More bad news has arrived for Sriracha fans.
According to The Los Angeles Times, the California Department of Public Health has imposed a 30-day holding period for the three sauces produced by Huy Fong Foods, which includes Chilli Garlic, Sambal Oelek, and the beloved Sriracha.
Department spokesman Anita Gore told the Times that additional safety measures are needed since the sauces are ground fresh and not cooked, which leaves them vulnerable to harmful microorganisms. Holding batches of the sauces for 30 days should ensure that the sauce will be bacteria-free before they are sent out to stores.
The new holding period means that Huy Fong cannot ship any more Sriracha, or the other sauces it makes, until mid-January.

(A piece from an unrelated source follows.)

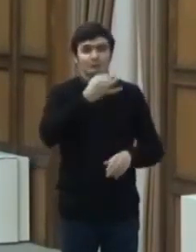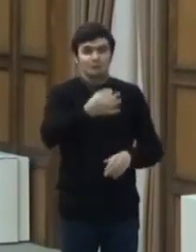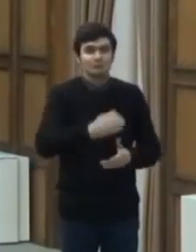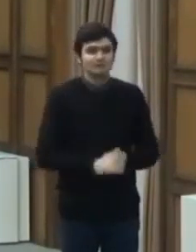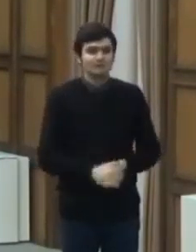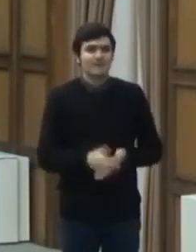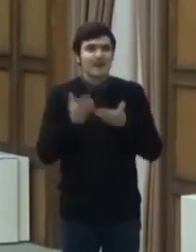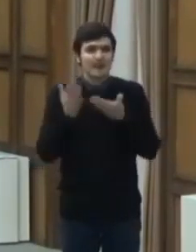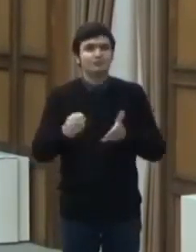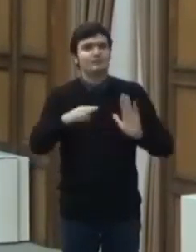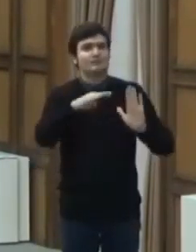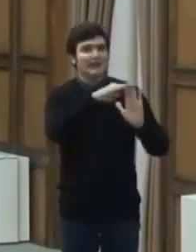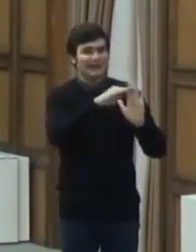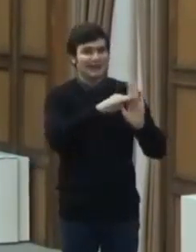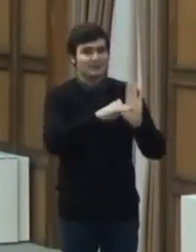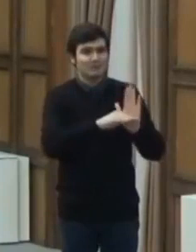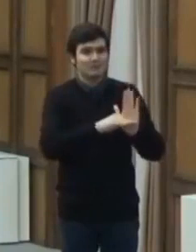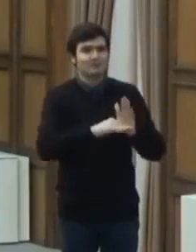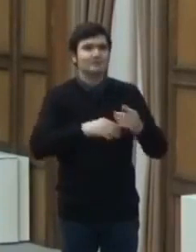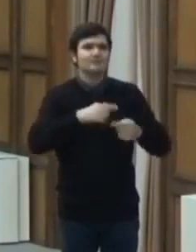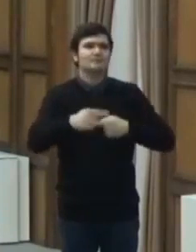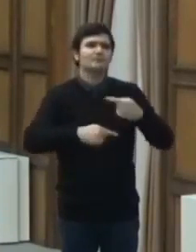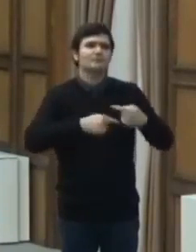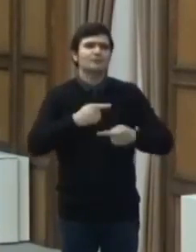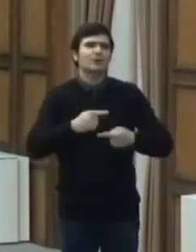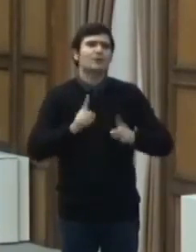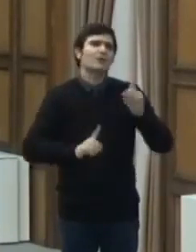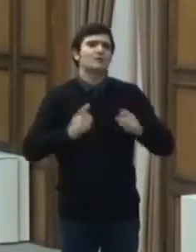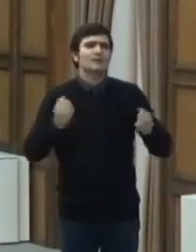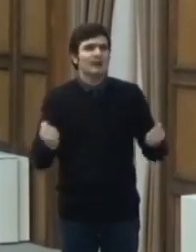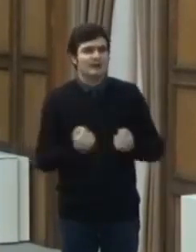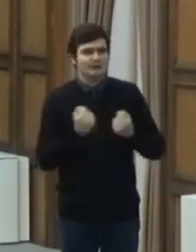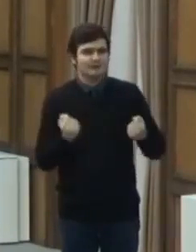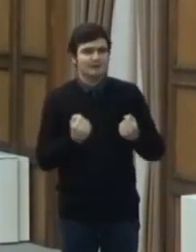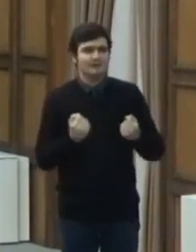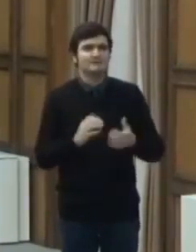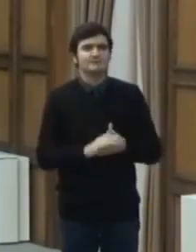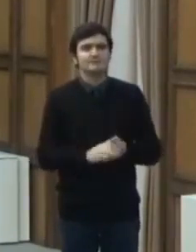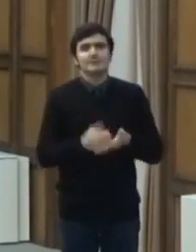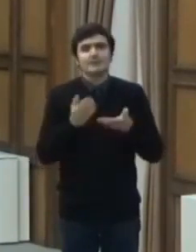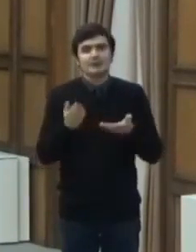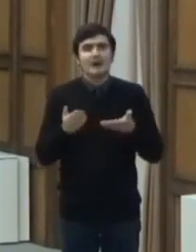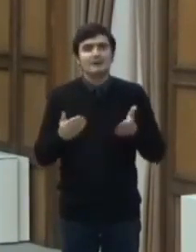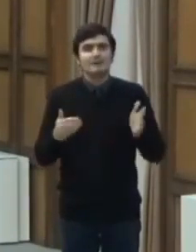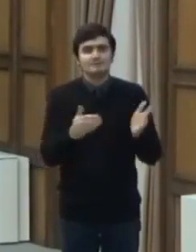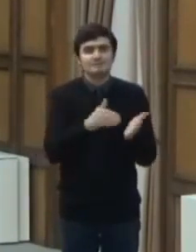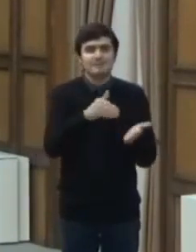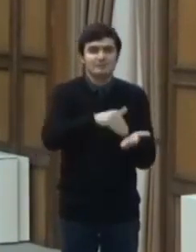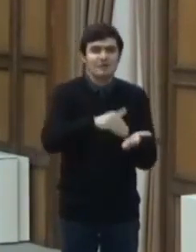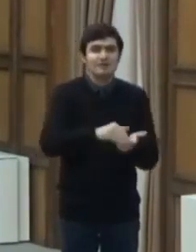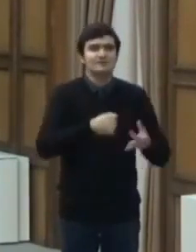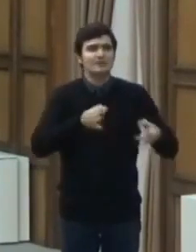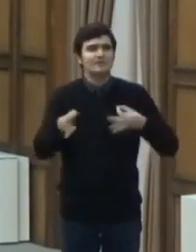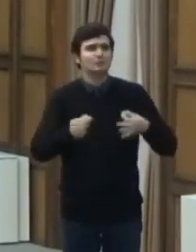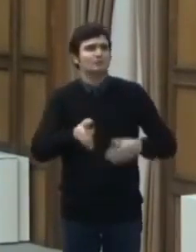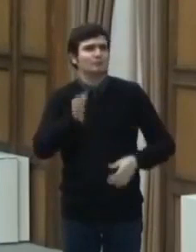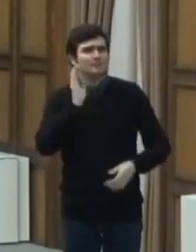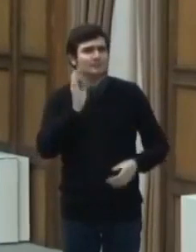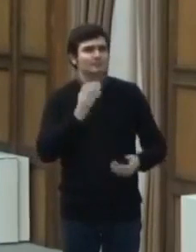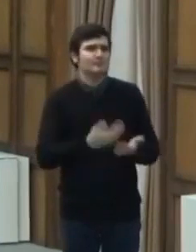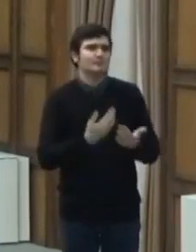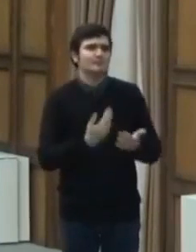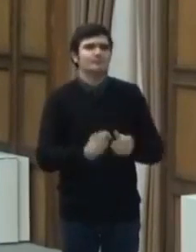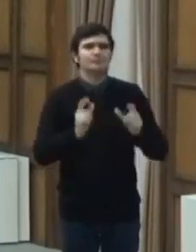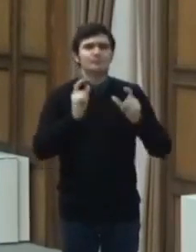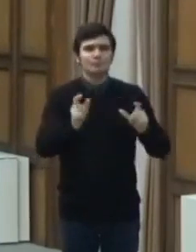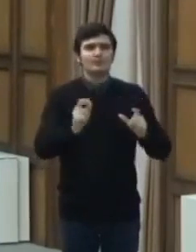regulile de desfășurare ale unor activități care necesită măsuri specifice de protecție

The distribution hold comes at a difficult time for the hot-sauce manufacturer, who is currently involved in a legal battle with the city of Irwindale, where its main factory is located. Residents complaining of headaches and burning eyes sued Huy Fong Foods back in late October, and a Los Angeles County Superior Court judge recently ordered the factory to shut down any operations that could be causing the smell.
Sriracha distribution is expected to continue as normal after the holding period ends, though many businesses are worried about the effect it could have on their profits.
Damon Chu, president of wholesale Asian food supplier Giant Union in Whittier, Calif., told the Times that his company could lose about $US300,000 in sales. His company buys up to $US150,000 worth of Huy Fong Foods products each month.